Les règles européennes sur la lutte contre la corruption seront ainsi revues à la lumière de ces menaces, la Commission ayant le projet de revoir la définition des délits de trafic d’influence, d’enrichissement illicite, d’abus de pouvoir, a-t-elle expliqué. Il s’agira aussi d’élargir la définition de « corruption par pots-de-vin ».

Sur le plan extérieur, la corruption sera aussi introduite dans le régime de sanctions pour violations des droits humains, a-t-elle encore indiqué.

Ces propositions ont été bien accueillies au PE, notamment par le Français Stéphane Séjourné, chef de file du groupe Renew Europe.
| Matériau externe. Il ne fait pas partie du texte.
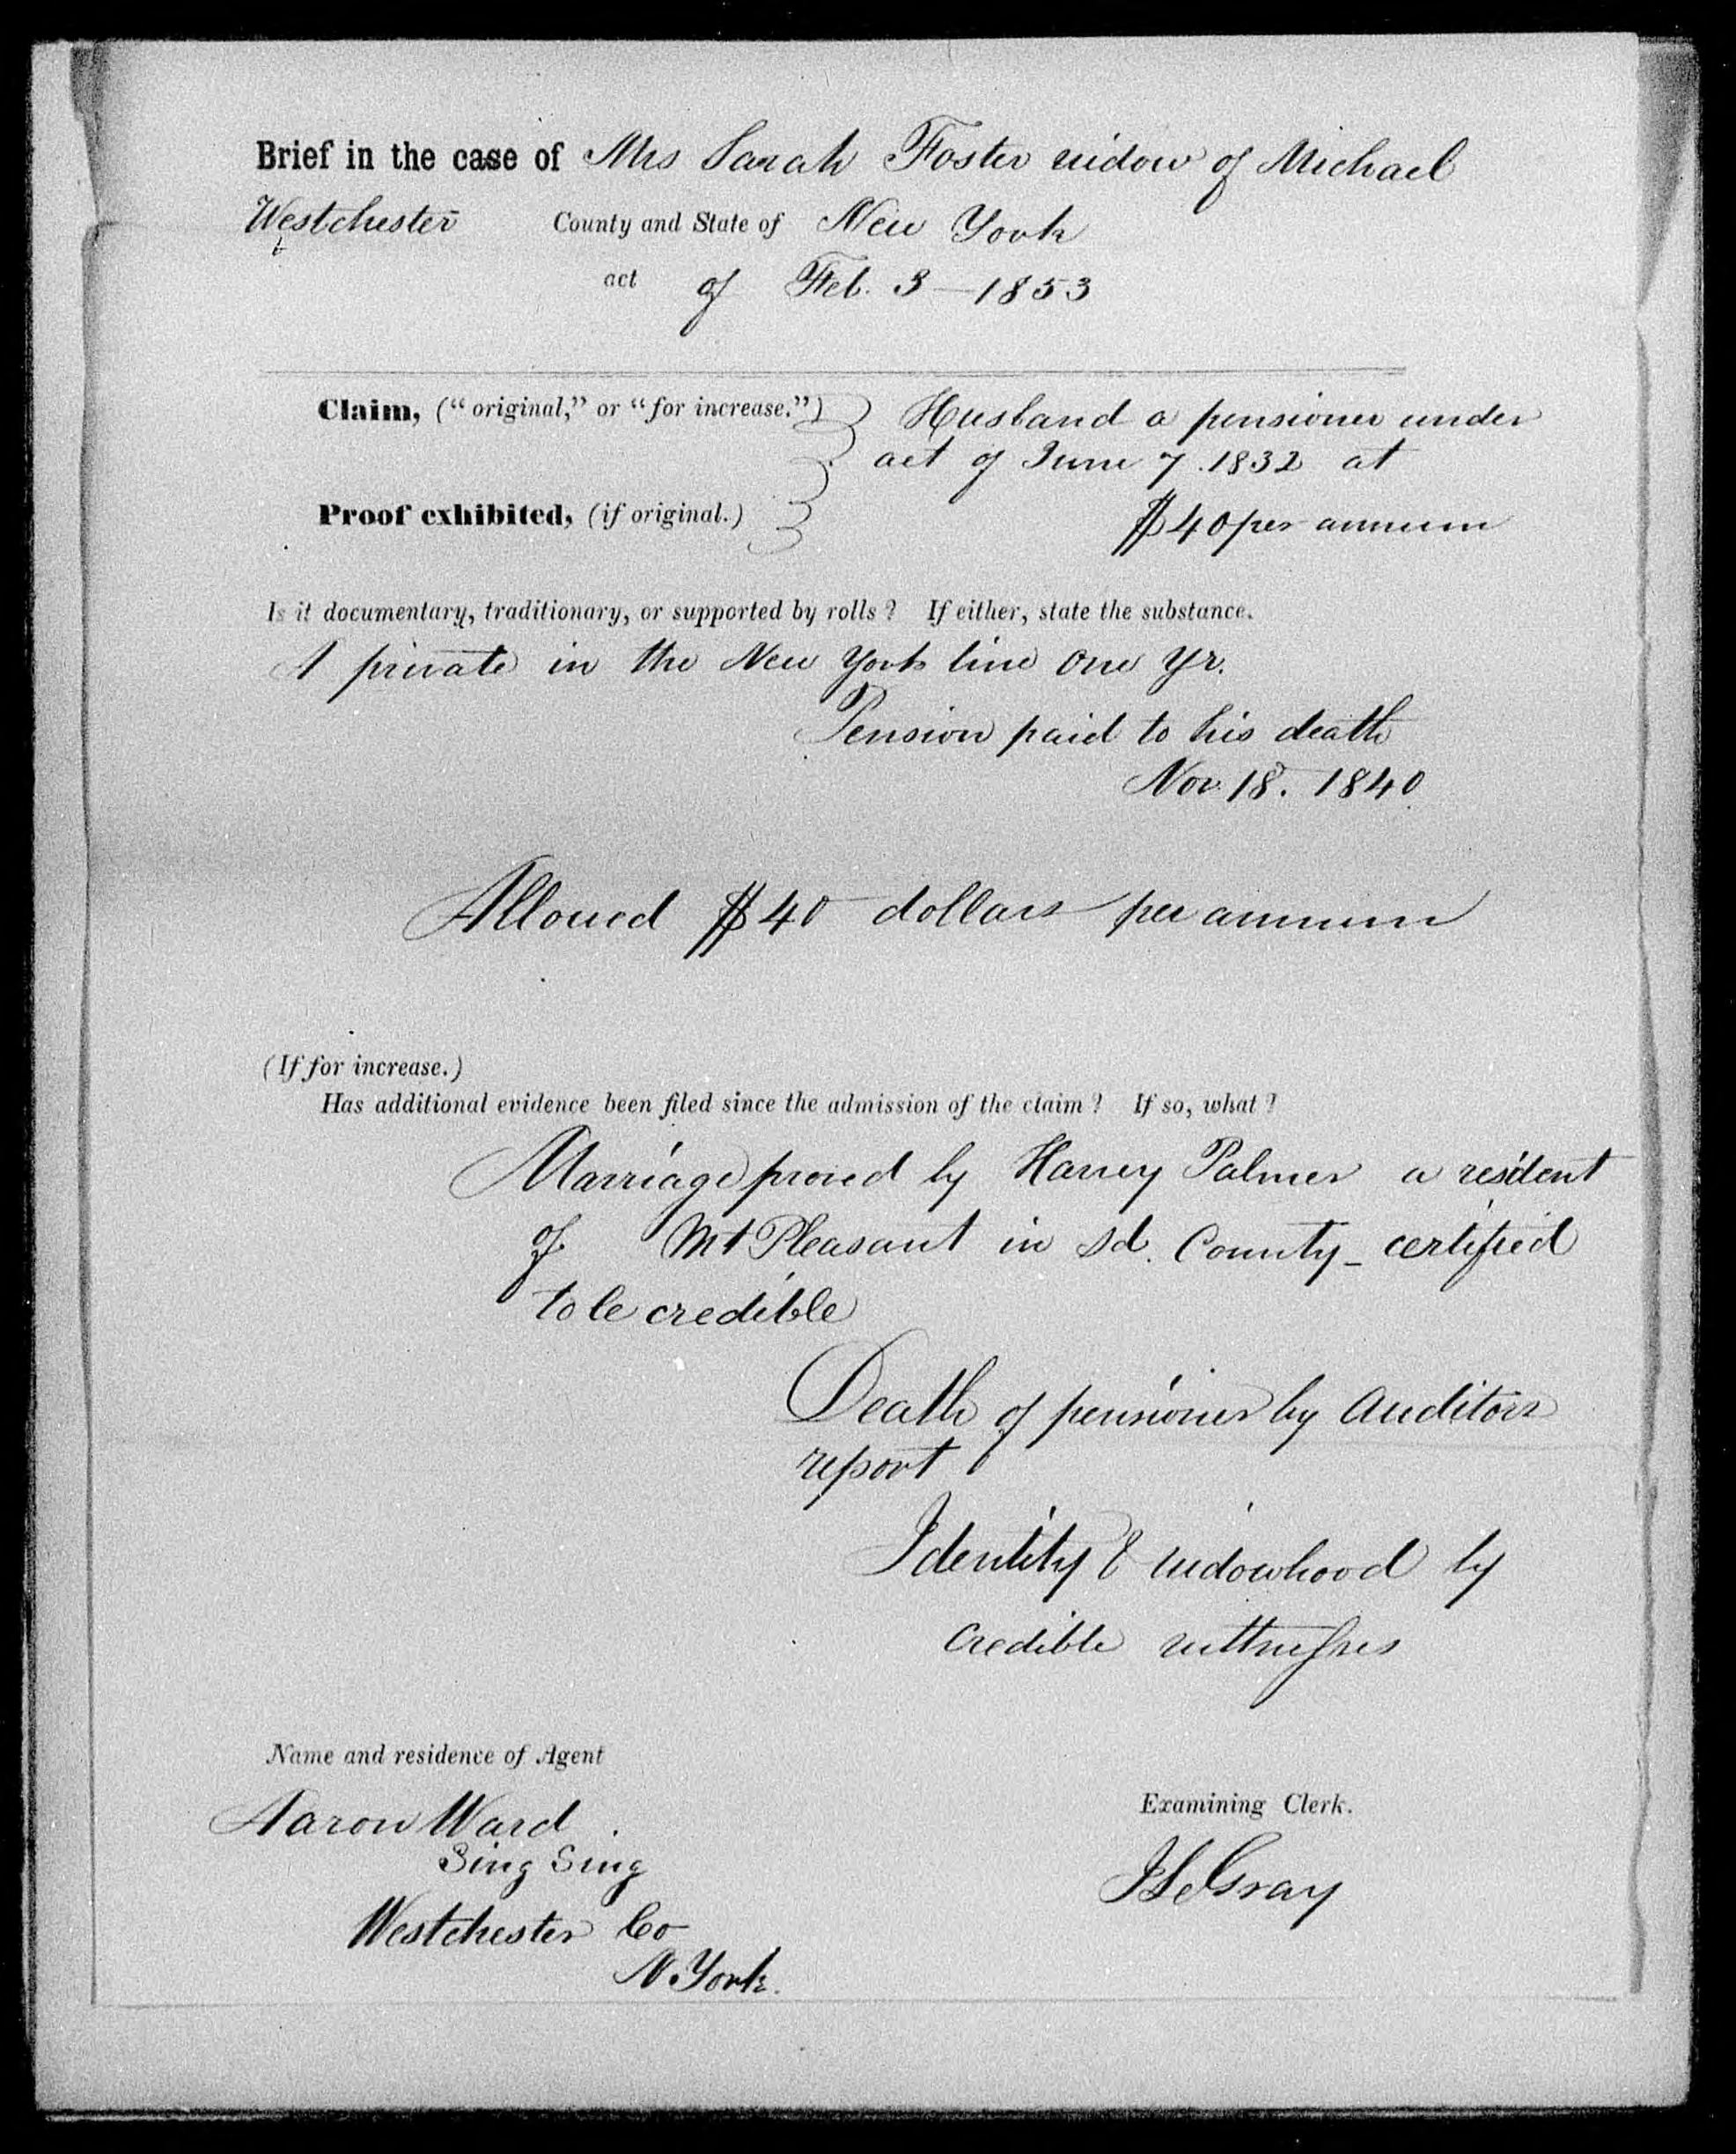(Form letter with handwritten notes inserted)

Brief in the case of Mrs Sarah Foster widow of Michael
Westchester County and State of New York
act of Feb. 3 1853
_______________________________________
Claim, ("original," or "for increase."
Husband a pensioner under act of June 7 1832 at $40 per annum
Proof exhibited, (if original.)

Is it documentary, traditional, or supported by rolls? If either, state the substance.
A private in the New York line one yr.
Pension paid to his death
Nov. 18. 1840

Allowed $40 dollars per annum

(If for increase.)
Has additional evidence been filed since the admission of the claim? If so, what?
Marriage proved by Harvey Palmer a resident of Mt Pleasant in sd. County-certified to be credible
Death of previous by auditors report
Identity & widowhood by credible witness

Examining Clerk
J. S. Gray

Name and residence of Agent
Aaron Ward
Sing Sing
Westchester co
N York

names: J S Gray, Sarah Foster, Harvey Palmer, Michael Foster, Aaron Ward
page: 37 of 57
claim: widow's
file: W. 5275 1/2, Michael Foster, Penn.

L’État de droit et les valeurs européennes « doivent être notre boussole », a-t-il déclaré. « Pas un centime ne doit par ailleurs aller à Viktor Orbán », dont le gouvernement relaie notamment « la propagande russe ». « On compte sur vous ! », a-t-il lancé à la présidente.

« L'UE doit prendre position contre les forces antidémocratiques », a commenté de son côté Ska Keller, la coprésidente allemande des Verts/ALE. Tout en saluant les « paroles fortes » d’Ursula von der Leyen sur l’État de droit, elle a considéré qu’une « action plus décisive » est nécessaire et que l'UE « a les outils pour concrétiser » cet engagement.